The Good and Courageous Thief

In Harper Lee’s classic novel To Kill a Mockingbird, she wrote the following discourse for Atticus Finch, her attorney-hero character: “I wanted you to see what real courage is, instead of getting the idea that courage is a man with a gun in his hand. It’s when you know you’re licked before you begin, but you begin anyway and see it through no matter what.”

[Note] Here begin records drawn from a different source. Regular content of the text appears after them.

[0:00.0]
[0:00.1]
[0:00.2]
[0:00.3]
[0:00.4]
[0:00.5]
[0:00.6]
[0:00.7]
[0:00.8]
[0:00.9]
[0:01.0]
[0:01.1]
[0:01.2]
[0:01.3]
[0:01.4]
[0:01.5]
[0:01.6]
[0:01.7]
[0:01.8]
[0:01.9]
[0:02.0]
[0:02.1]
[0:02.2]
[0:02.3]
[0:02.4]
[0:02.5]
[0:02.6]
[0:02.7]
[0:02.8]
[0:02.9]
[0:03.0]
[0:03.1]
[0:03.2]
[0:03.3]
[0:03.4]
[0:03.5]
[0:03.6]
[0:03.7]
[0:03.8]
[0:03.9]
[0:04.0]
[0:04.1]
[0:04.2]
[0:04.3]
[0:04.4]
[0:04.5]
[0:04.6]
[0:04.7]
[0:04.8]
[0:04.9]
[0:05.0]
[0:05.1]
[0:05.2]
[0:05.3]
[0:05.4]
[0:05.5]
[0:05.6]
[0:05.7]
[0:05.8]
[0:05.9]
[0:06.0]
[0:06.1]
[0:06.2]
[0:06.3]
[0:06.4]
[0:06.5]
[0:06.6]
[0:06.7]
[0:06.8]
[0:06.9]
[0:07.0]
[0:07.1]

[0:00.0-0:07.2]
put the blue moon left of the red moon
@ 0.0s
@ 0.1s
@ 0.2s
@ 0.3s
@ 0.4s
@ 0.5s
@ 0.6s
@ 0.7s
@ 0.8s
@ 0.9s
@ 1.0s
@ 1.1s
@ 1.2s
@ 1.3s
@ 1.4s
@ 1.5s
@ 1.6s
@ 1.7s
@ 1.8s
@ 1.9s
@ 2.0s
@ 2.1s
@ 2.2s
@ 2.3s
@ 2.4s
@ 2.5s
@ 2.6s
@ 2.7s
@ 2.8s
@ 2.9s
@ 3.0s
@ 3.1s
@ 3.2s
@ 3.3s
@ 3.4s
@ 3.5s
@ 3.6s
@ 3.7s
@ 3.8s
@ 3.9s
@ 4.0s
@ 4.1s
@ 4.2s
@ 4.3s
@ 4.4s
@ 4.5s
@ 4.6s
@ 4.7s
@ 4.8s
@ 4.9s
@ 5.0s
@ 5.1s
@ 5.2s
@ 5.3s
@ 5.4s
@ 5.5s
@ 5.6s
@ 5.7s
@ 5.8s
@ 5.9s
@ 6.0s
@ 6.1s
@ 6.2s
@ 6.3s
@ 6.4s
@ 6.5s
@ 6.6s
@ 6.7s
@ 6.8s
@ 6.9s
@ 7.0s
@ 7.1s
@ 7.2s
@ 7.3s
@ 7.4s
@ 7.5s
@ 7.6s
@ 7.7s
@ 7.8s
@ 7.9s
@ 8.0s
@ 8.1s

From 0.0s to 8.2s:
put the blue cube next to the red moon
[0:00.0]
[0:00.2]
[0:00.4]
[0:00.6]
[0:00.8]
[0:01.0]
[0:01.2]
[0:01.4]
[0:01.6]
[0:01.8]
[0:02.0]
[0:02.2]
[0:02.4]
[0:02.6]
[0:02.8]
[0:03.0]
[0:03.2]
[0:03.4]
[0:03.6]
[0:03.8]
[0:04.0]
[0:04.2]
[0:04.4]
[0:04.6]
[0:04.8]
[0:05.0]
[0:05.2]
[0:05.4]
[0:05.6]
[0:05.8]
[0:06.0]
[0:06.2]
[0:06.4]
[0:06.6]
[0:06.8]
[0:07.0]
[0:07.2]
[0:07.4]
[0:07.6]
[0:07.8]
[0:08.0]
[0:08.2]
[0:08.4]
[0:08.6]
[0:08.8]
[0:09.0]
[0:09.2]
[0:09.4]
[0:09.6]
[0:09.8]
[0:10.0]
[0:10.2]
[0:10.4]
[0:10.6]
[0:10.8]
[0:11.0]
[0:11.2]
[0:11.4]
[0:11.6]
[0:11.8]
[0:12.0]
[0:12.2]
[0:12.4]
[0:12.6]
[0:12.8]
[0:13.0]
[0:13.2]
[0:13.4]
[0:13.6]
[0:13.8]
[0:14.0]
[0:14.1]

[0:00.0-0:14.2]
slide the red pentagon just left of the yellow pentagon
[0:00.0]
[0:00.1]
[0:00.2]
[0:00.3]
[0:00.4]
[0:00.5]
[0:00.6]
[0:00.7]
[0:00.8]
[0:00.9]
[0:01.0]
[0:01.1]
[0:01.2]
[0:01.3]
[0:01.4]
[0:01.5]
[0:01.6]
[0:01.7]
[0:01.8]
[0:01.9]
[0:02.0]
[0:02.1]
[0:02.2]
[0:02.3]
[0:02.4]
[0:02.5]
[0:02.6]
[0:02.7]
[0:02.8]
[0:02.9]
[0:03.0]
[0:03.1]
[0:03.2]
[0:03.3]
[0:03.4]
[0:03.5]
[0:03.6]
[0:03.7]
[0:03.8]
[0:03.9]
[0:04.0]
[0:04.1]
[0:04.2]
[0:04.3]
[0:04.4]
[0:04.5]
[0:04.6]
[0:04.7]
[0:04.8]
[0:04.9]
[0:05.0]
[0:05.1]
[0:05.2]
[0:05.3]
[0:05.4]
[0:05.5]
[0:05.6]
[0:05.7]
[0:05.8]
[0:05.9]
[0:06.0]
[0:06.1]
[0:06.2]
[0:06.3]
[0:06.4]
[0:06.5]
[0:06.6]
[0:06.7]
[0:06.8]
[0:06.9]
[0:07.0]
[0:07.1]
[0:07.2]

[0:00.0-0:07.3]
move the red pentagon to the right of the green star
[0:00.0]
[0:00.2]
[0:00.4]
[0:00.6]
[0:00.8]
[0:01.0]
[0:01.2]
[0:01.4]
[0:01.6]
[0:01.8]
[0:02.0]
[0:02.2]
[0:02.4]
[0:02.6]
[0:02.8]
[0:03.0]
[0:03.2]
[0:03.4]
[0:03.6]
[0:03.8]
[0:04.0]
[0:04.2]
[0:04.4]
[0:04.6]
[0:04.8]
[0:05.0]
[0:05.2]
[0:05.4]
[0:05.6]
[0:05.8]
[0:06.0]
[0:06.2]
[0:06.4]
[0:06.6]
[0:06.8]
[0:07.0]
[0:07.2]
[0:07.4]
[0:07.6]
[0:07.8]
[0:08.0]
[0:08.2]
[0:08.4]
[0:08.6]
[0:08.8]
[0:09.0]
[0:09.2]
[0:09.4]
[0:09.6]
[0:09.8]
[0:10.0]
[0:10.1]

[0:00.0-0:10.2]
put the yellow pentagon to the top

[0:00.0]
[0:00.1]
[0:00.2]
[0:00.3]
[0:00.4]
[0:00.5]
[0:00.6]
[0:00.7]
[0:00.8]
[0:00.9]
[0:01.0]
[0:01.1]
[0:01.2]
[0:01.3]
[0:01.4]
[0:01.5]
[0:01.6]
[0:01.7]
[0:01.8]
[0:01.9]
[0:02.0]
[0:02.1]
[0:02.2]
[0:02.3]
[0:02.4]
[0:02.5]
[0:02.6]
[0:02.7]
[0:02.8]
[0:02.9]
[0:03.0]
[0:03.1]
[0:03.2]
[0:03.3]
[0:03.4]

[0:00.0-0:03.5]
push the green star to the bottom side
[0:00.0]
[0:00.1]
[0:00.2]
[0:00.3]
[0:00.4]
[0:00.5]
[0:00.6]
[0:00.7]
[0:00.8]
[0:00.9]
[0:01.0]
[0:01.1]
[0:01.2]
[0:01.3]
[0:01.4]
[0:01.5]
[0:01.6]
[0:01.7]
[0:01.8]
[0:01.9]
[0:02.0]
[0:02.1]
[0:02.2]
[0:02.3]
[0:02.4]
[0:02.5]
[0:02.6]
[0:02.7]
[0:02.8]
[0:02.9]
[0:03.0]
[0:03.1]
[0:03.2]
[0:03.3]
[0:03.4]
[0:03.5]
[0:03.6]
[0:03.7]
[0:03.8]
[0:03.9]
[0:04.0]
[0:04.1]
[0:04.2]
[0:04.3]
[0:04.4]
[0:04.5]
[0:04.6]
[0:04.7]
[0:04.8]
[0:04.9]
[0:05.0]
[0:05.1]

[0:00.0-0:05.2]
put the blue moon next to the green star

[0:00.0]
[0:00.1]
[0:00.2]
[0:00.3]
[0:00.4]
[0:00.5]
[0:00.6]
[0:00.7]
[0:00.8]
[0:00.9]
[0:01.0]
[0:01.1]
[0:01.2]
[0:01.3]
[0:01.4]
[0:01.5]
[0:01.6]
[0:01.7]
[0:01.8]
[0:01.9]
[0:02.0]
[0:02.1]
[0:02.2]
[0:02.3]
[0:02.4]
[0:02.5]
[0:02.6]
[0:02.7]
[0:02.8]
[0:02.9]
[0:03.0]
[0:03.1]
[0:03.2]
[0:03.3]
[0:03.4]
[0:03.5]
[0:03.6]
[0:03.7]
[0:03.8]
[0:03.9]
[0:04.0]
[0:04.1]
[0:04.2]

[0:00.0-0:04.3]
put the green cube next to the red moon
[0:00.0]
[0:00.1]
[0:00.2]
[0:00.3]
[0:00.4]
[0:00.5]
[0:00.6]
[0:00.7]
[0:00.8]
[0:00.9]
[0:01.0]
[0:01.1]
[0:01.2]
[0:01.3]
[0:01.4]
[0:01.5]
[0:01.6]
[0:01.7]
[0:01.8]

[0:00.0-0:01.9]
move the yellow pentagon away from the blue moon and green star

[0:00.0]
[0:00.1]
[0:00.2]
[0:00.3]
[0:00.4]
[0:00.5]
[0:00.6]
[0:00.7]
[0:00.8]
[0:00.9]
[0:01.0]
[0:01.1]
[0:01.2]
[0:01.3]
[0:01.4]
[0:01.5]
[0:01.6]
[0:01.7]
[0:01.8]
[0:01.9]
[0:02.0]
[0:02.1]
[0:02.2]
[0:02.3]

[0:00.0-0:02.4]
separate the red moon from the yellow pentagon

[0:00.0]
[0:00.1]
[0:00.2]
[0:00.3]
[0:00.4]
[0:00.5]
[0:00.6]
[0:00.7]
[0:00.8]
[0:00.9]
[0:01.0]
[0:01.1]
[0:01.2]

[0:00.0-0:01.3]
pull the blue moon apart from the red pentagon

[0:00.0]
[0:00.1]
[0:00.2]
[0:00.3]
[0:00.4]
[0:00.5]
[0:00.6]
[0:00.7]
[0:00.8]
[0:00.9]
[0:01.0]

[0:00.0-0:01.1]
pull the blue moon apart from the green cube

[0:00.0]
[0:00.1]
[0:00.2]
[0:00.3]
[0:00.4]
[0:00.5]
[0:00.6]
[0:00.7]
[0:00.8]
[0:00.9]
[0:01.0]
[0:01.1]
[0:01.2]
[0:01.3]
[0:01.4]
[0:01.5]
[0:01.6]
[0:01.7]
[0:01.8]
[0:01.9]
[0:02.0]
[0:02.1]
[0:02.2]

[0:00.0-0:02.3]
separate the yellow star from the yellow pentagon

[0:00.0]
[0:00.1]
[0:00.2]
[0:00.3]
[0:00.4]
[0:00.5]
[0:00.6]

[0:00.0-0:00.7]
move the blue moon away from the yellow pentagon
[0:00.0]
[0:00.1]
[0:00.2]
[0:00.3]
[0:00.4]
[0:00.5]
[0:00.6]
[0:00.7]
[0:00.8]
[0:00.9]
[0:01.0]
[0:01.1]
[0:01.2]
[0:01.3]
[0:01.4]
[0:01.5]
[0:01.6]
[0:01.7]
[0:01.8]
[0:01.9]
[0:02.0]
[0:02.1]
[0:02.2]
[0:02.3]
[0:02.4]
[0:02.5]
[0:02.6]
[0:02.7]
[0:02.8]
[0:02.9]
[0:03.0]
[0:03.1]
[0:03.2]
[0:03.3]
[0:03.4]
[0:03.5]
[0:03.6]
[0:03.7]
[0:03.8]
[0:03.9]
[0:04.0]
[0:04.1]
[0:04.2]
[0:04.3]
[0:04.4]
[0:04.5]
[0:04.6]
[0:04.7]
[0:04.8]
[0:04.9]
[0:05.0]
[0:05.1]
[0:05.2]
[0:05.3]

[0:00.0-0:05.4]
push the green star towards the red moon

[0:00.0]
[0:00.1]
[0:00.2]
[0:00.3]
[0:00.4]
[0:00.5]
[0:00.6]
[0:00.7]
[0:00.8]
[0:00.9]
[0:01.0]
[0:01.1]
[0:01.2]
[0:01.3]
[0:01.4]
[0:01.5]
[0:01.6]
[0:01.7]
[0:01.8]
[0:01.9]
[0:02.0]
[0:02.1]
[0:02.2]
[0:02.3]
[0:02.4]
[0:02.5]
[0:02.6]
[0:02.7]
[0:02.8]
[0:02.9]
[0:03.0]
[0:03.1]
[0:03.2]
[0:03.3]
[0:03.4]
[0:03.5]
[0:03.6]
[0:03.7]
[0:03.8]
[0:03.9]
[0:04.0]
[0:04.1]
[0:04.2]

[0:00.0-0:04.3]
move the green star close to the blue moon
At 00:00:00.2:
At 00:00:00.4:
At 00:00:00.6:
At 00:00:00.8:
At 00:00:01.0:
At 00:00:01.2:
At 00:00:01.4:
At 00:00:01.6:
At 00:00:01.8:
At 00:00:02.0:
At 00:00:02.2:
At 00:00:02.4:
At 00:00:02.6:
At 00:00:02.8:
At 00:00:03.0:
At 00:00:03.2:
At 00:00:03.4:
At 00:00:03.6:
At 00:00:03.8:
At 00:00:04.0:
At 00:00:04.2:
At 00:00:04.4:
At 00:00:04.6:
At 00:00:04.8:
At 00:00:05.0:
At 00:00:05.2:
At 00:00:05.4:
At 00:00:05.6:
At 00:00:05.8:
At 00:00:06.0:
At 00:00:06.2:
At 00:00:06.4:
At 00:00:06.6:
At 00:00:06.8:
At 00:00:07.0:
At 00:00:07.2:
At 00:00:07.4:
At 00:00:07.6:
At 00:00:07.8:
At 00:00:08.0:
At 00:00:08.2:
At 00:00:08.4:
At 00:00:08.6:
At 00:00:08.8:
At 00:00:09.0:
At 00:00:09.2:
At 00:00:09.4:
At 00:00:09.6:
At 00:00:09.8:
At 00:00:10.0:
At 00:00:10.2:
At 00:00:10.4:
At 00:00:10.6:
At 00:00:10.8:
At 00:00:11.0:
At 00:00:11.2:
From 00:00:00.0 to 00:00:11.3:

This past Sunday, I read a newspaper article about that same quality of courage shown by a man of peace who served and died in our military. He was deployed into a region of combat but he carried no weapon. His story is inspirational to say the least because he not only possessed significant physical courage, but also enormous moral courage.

Emil Kapaun was born on April 16, 1916 to a poor, but faith-filled farm family on the prairies of eastern Kansas.  Life was hard and even the children had to learn to be resourceful as mechanics and carpenters and to care for the animals during bitter winters and brutally hot summers.  With a strong desire to become a priest, he attended Benedictine Conception Abbey and there he completed both high school and college undergraduate studies, then he continued his spiritual education and training at Kenrick Seminary in St. Louis. He was ordained a priest in 1940.

When the United States entered World War II, he asked to become a military chaplain.  His bishop initially refused, but later relented.  Fr. Kapaun enlisted in 1944 in the Army, served for two years in Burma and India, then returned to civilian life.  Two years later, he reenlisted and was assigned to the 1st Cavalry Division in Japan.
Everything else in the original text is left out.